§ **Exercise aim**: Lines below containing the word "Frame" should be copied out.

•••••

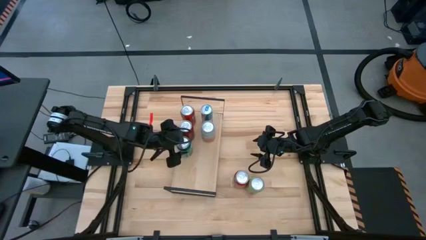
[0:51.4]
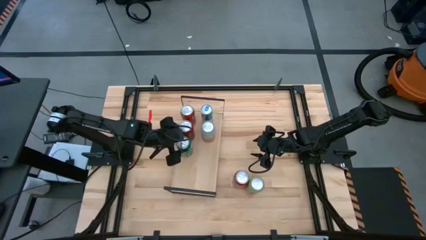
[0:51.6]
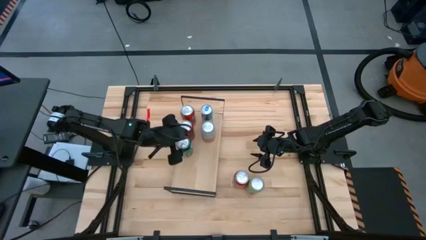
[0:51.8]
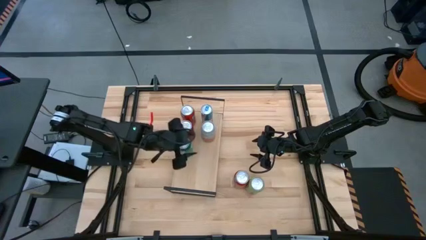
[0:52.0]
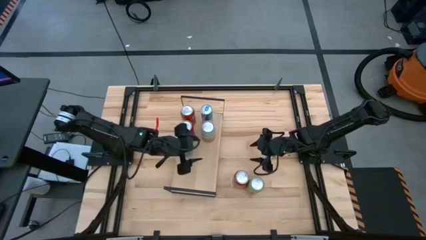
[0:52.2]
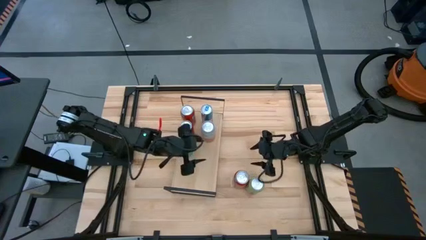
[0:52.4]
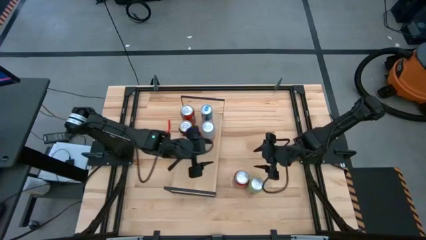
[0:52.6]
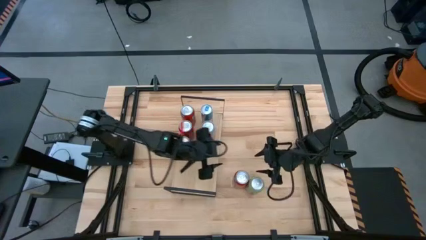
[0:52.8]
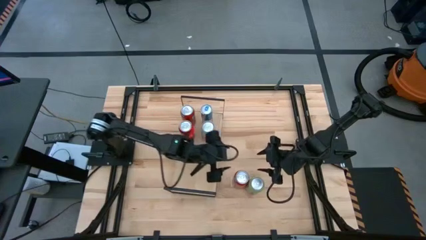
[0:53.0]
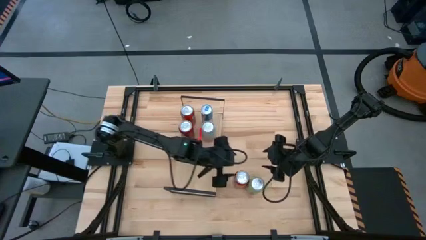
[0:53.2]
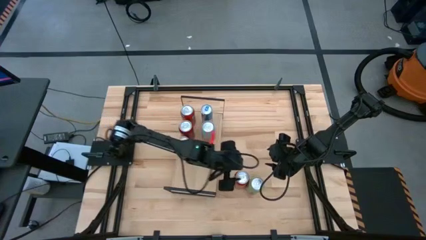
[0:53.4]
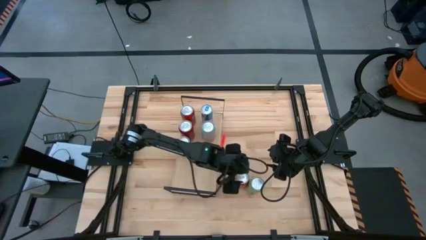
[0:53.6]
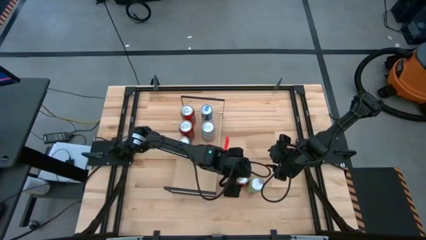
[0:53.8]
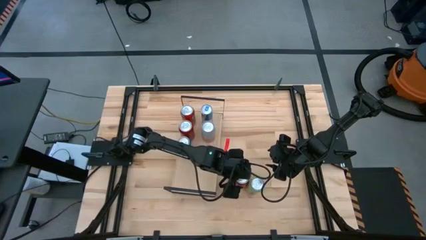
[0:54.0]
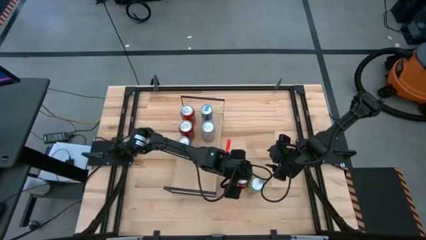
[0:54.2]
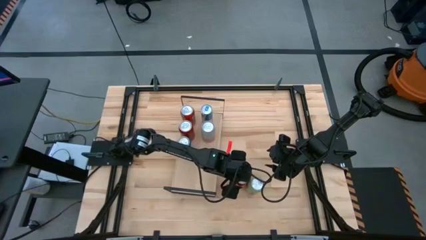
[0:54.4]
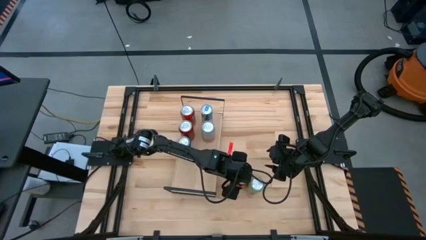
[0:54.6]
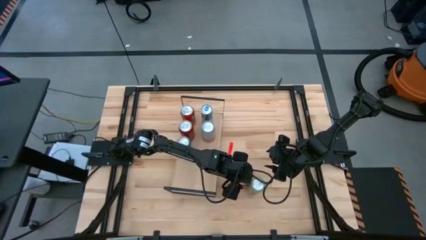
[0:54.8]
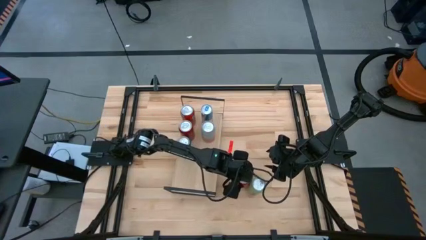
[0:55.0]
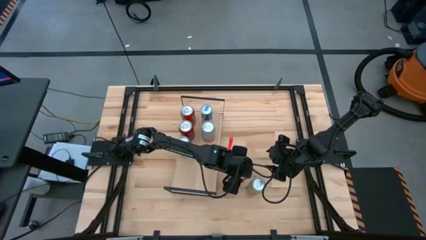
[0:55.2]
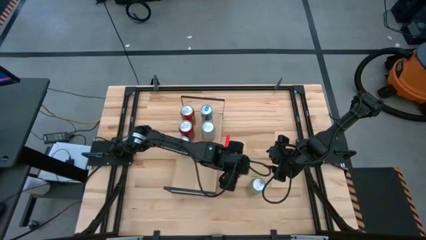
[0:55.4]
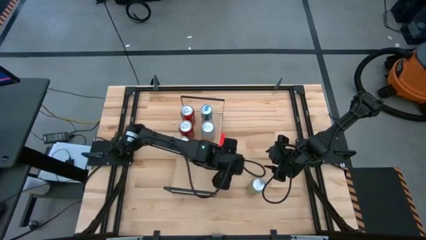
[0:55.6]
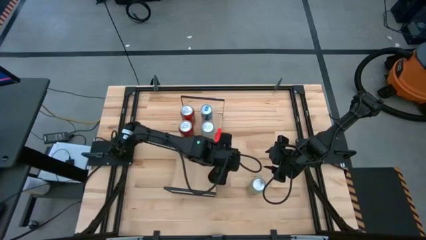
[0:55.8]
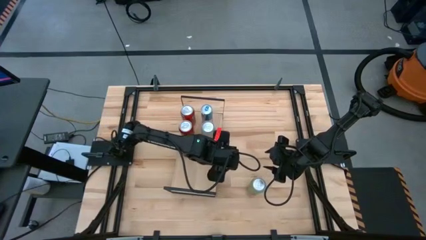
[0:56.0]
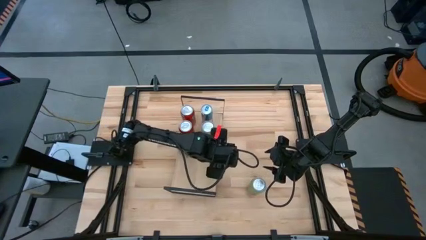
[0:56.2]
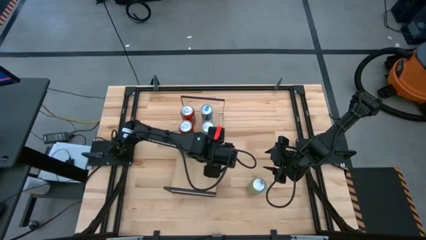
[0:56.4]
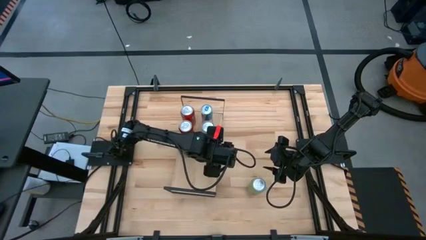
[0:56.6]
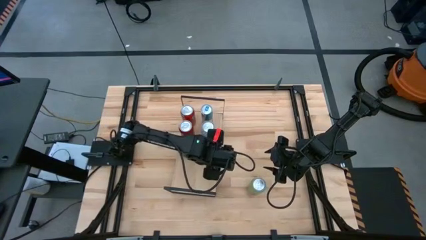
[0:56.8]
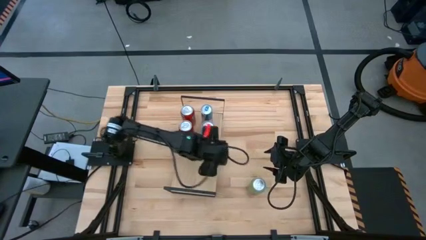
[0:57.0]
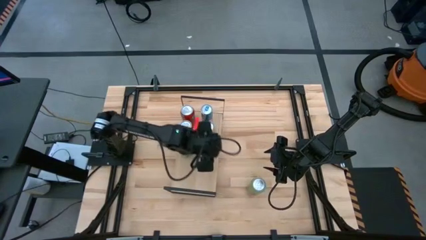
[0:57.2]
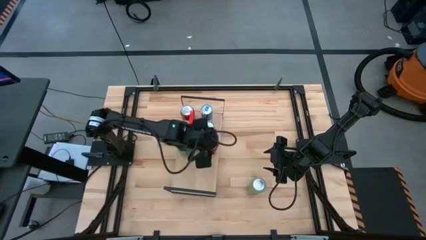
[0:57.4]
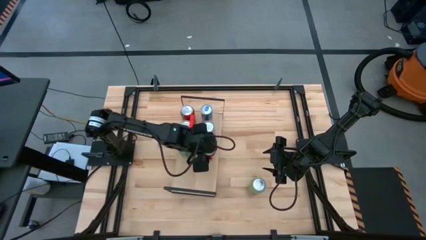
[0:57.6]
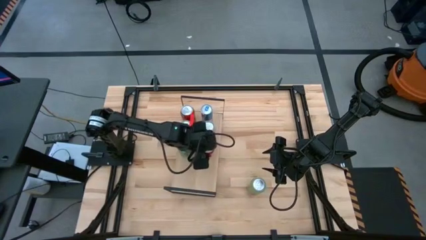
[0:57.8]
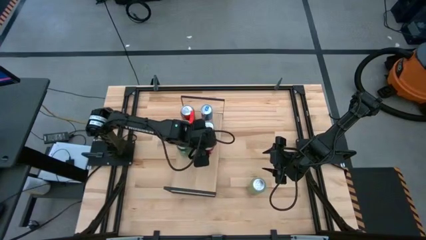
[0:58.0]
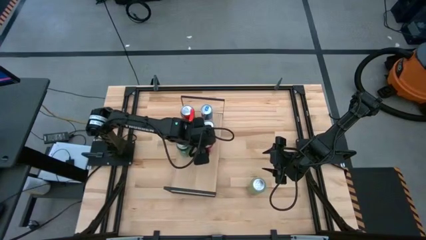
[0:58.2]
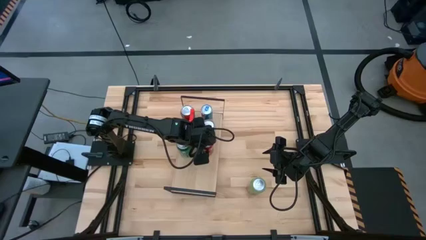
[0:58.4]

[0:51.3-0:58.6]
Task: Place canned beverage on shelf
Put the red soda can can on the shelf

•••••

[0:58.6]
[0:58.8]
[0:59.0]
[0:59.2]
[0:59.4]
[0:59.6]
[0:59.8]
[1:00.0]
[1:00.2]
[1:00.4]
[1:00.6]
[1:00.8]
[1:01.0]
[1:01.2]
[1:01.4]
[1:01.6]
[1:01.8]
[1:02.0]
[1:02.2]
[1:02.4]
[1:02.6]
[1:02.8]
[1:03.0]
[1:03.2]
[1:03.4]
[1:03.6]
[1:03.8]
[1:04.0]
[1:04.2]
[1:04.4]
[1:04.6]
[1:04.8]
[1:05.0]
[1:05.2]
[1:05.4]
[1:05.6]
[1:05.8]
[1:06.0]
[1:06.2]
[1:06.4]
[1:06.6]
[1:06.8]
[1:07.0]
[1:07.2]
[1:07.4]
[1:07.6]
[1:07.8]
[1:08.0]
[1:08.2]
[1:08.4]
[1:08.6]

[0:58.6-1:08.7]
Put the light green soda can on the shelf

•••••

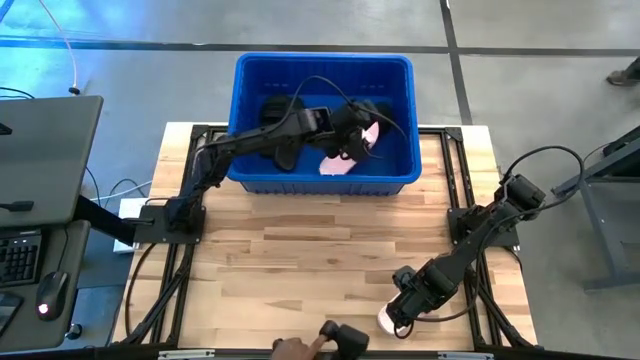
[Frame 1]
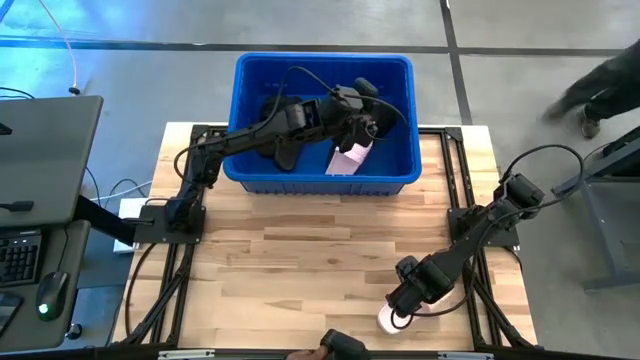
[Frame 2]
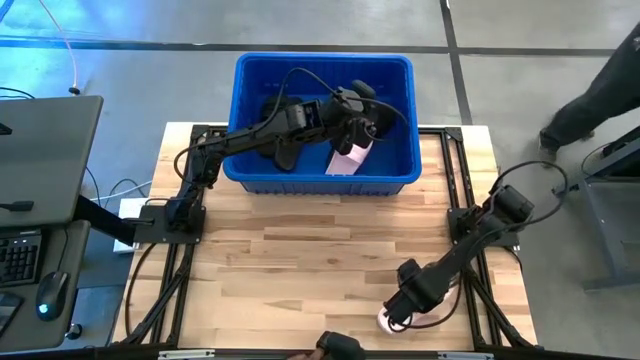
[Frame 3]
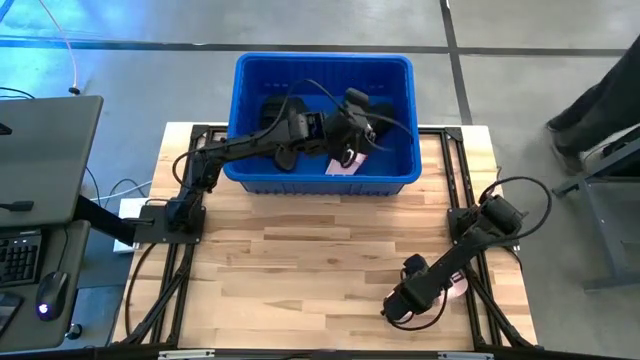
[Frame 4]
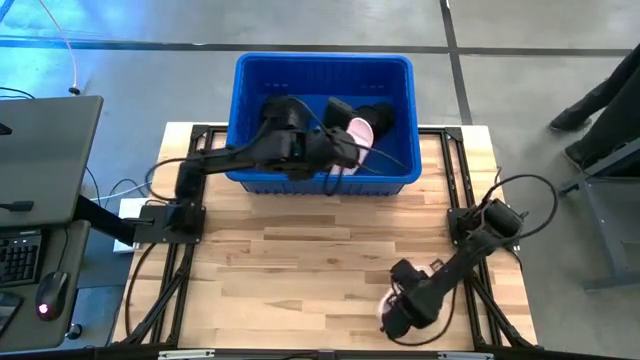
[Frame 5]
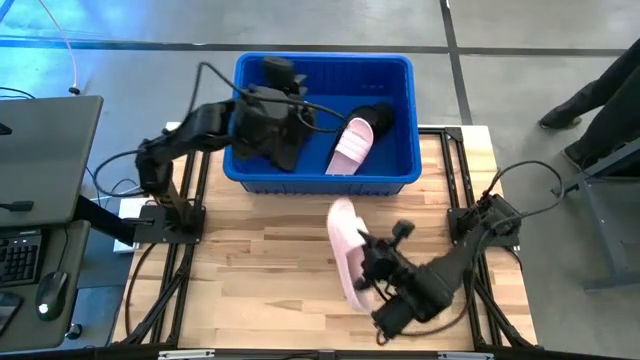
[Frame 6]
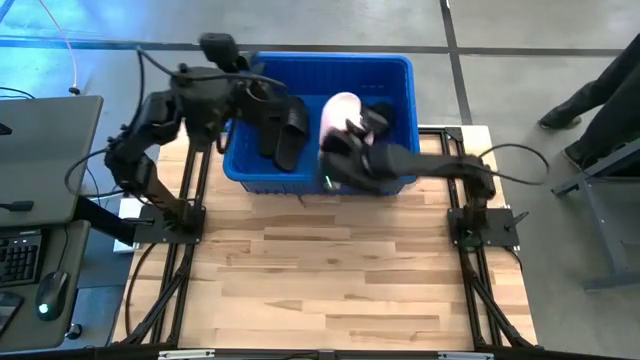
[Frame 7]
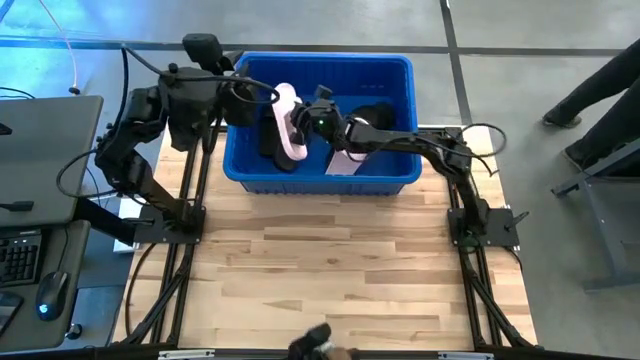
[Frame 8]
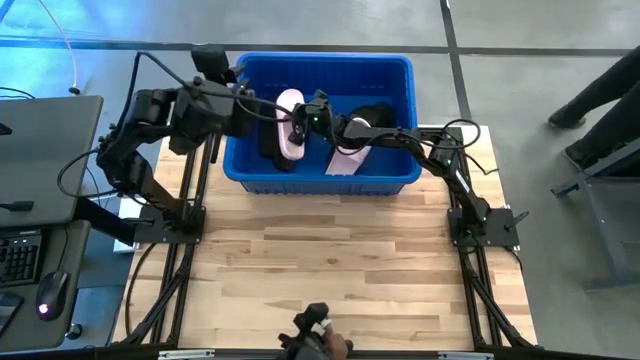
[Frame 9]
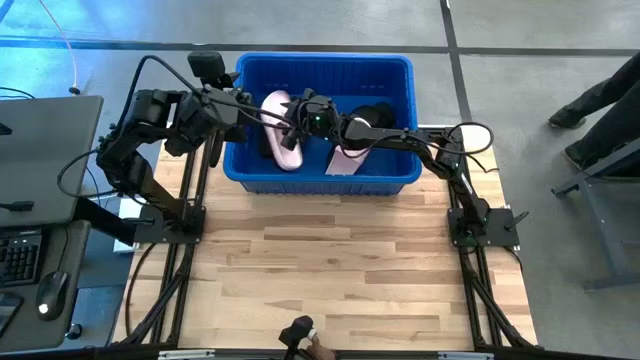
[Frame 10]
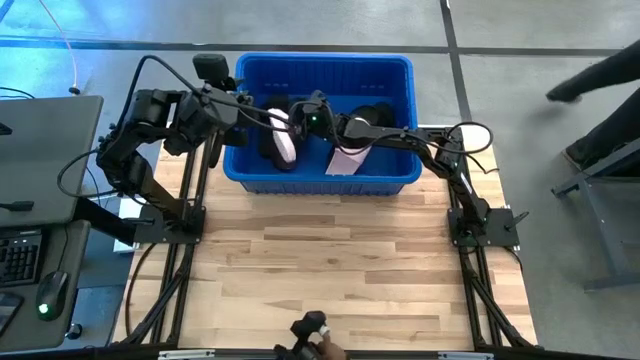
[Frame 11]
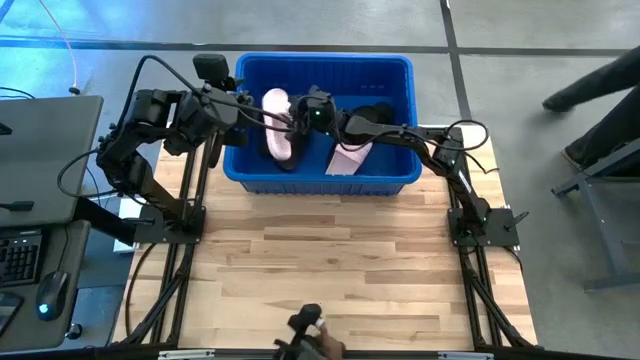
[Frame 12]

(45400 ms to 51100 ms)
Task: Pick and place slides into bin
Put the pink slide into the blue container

•••••

§ **Result below**:
[Frame 1]
[Frame 2]
[Frame 3]
[Frame 4]
[Frame 5]
[Frame 6]
[Frame 7]
[Frame 8]
[Frame 9]
[Frame 10]
[Frame 11]
[Frame 12]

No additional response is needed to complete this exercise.